In 1991, former Wall Street Journal reporter Faludi wrote Backlash, a feminist tract that complained "the increasingly reinforced fortress of an antifeminist culture daunted women more than it galvanized them." Now, apparently, Faludi has decided it's men's turn to be victimized by the culture. Faludi quoted from Barton's suicide note, and declared: "More and more, the American community fails to offer its postwar sons and grandsons what it used to offer all men: a chance to ground their manhood on utility, dedication and loyalty, whether as a GI serving a nation and caring for his fellow grunts or as a civilian plying a craft essential to his society. For all the grim aspects of industrial labor and World War II-era sacrifice, men could at least feel they belonged to a meaningful brotherhood and provided a utility beyond mere earning power."
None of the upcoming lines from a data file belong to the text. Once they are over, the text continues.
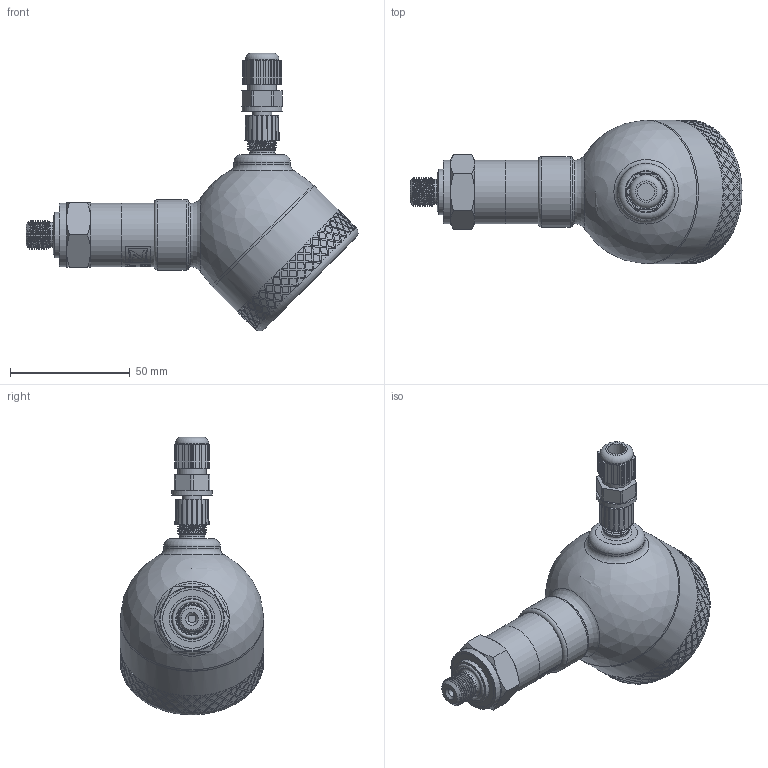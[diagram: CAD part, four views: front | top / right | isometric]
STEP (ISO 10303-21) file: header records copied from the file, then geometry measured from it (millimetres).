
FILE_DESCRIPTION(/* description */ (''),/* implementation_level */ '2;1');
FILE_NAME(/* name */ 'APZ3230FH_3_M12x1-straight.step',/* time_stamp */ '2021-06-30T15:27:44+03:00',/* author */ (''),/* organization */ (''),/* preprocessor_version */ 'ST-DEVELOPER v18.1',/* originating_system */ 'Autodesk Translation Framework v10.9.0.1377',/* authorisation */ '');
FILE_SCHEMA (('AUTOMOTIVE_DESIGN { 1 0 10303 214 3 1 1 }'));
Length unit declared in the file: millimetre
Products named in the file (7): Полевой корпус 
3420 3421 3230 заполненный; M12x1 DIN; FieldHousing Assembly v16; main body; Крышка без 
дисплея; Адаптер М12х1; M12x1 female straight v9
Assembly tree (6 placements, depth 3):
  Полевой корпус 
3420 3421 3230 заполненный
    M12x1 DIN
    FieldHousing Assembly v16
      main body
      Крышка без 
дисплея
      Адаптер М12х1
      M12x1 female straight v9
Bounding box: 138.91 x 60.1 x 116.17 mm (x, y, z)
Volume: 168664.9 mm3; surface area: 45451.2 mm2
Topology: 7 solids, 7 shells, 1564 faces, 3920 edges, 2572 vertices
Faces by surface type: bspline 910, cylinder 316, plane 263, cone 46, torus 26, sphere 3
Full cylindrical faces by diameter (mm): 1 x4, 3.3 x1, 7.3 x1, 8 x3, 9.3 x1, 10.293 x1, 10.5 x3, 10.741 x16, 11.884 x13, 12 x1, 13.5 x1, 14 x1, 16.7 x1, 17 x1, 19 x1, 19.7 x1, 21.6 x1, 22.4 x1, 23.6 x1, 24.5 x3, 26.5 x3, 29.5 x1, 55 x9, 56.5 x1, 57.2 x1, 60 x2
Entity records: 66261 total; most frequent: CARTESIAN_POINT 36093, ORIENTED_EDGE 7838, EDGE_CURVE 3919, DIRECTION 3146, B_SPLINE_CURVE_WITH_KNOTS 2614, VERTEX_POINT 2572, EDGE_LOOP 1773, FACE_OUTER_BOUND 1564
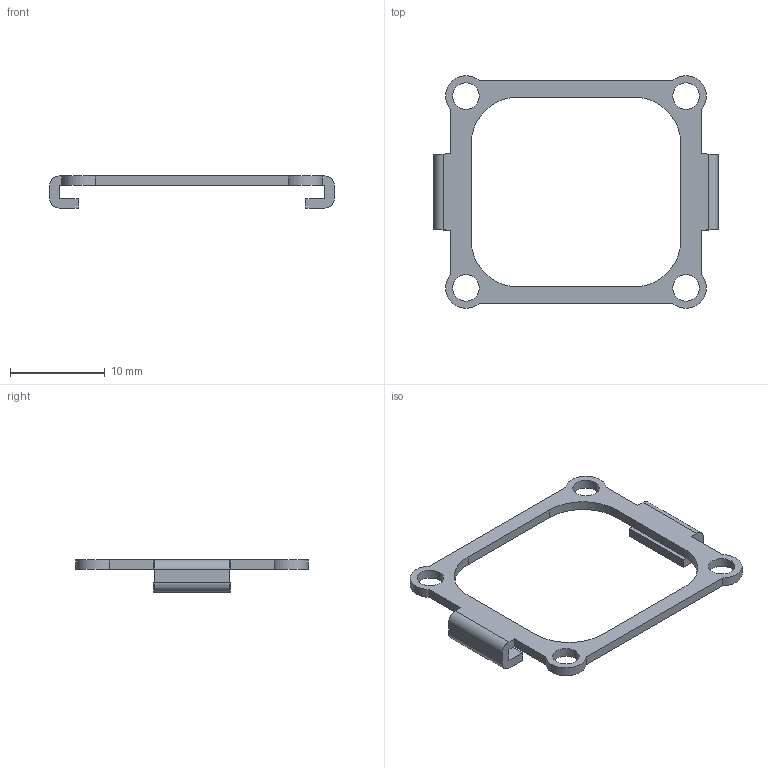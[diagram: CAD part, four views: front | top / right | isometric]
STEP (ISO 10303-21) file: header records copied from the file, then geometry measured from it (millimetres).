
FILE_DESCRIPTION((''),'2;1');
FILE_NAME('3564_0046_520','2020-01-31T',('presta_be4'),(''),'CREO PARAMETRIC BY PTC INC, 2018360','CREO PARAMETRIC BY PTC INC, 2018360','');
FILE_SCHEMA(('CONFIG_CONTROL_DESIGN'));
Length unit declared in the file: millimetre
Products named in the file (1): 3564_0046_520
Bounding box: 30.1 x 24.59 x 3.4 mm (x, y, z)
Volume: 274.8 mm3; surface area: 785.7 mm2
Topology: 1 solids, 1 shells, 46 faces, 132 edges, 88 vertices
Faces by surface type: plane 26, cylinder 20
Entity records: 1586 total; most frequent: CARTESIAN_POINT 302, ORIENTED_EDGE 264, DIRECTION 248, EDGE_CURVE 132, VECTOR 92, LINE 92, VERTEX_POINT 88, AXIS2_PLACEMENT_3D 78

She continued: "But the heirs of the GI generation increasingly find themselves stranded in a different world: computerized, consumerized, celebritized. In an ornamental culture where worth is measured by bicep and SUV size, by image and celebrity, men feel severed from fellowship and a tangible craft, valued only for their stock-market portfolios. In that way, Mark Barton was the garish distillation of the modern male predicament -- a Dockers-and-polo-shirted figure seated alone in his suburban home, wired to the Internet so many hours a day that no one else could make a phone call. Meanwhile, his ignored children roamed the streets. Even as men have been freed (thanks largely to the women's movement) to be more involved fathers, their progress is undermined by a sweepstakes culture where only the biggest winner is valued."
Newsweek touted Faludi as author of the forthcoming Stiffed: The Betrayal of the American Man, to be published in September.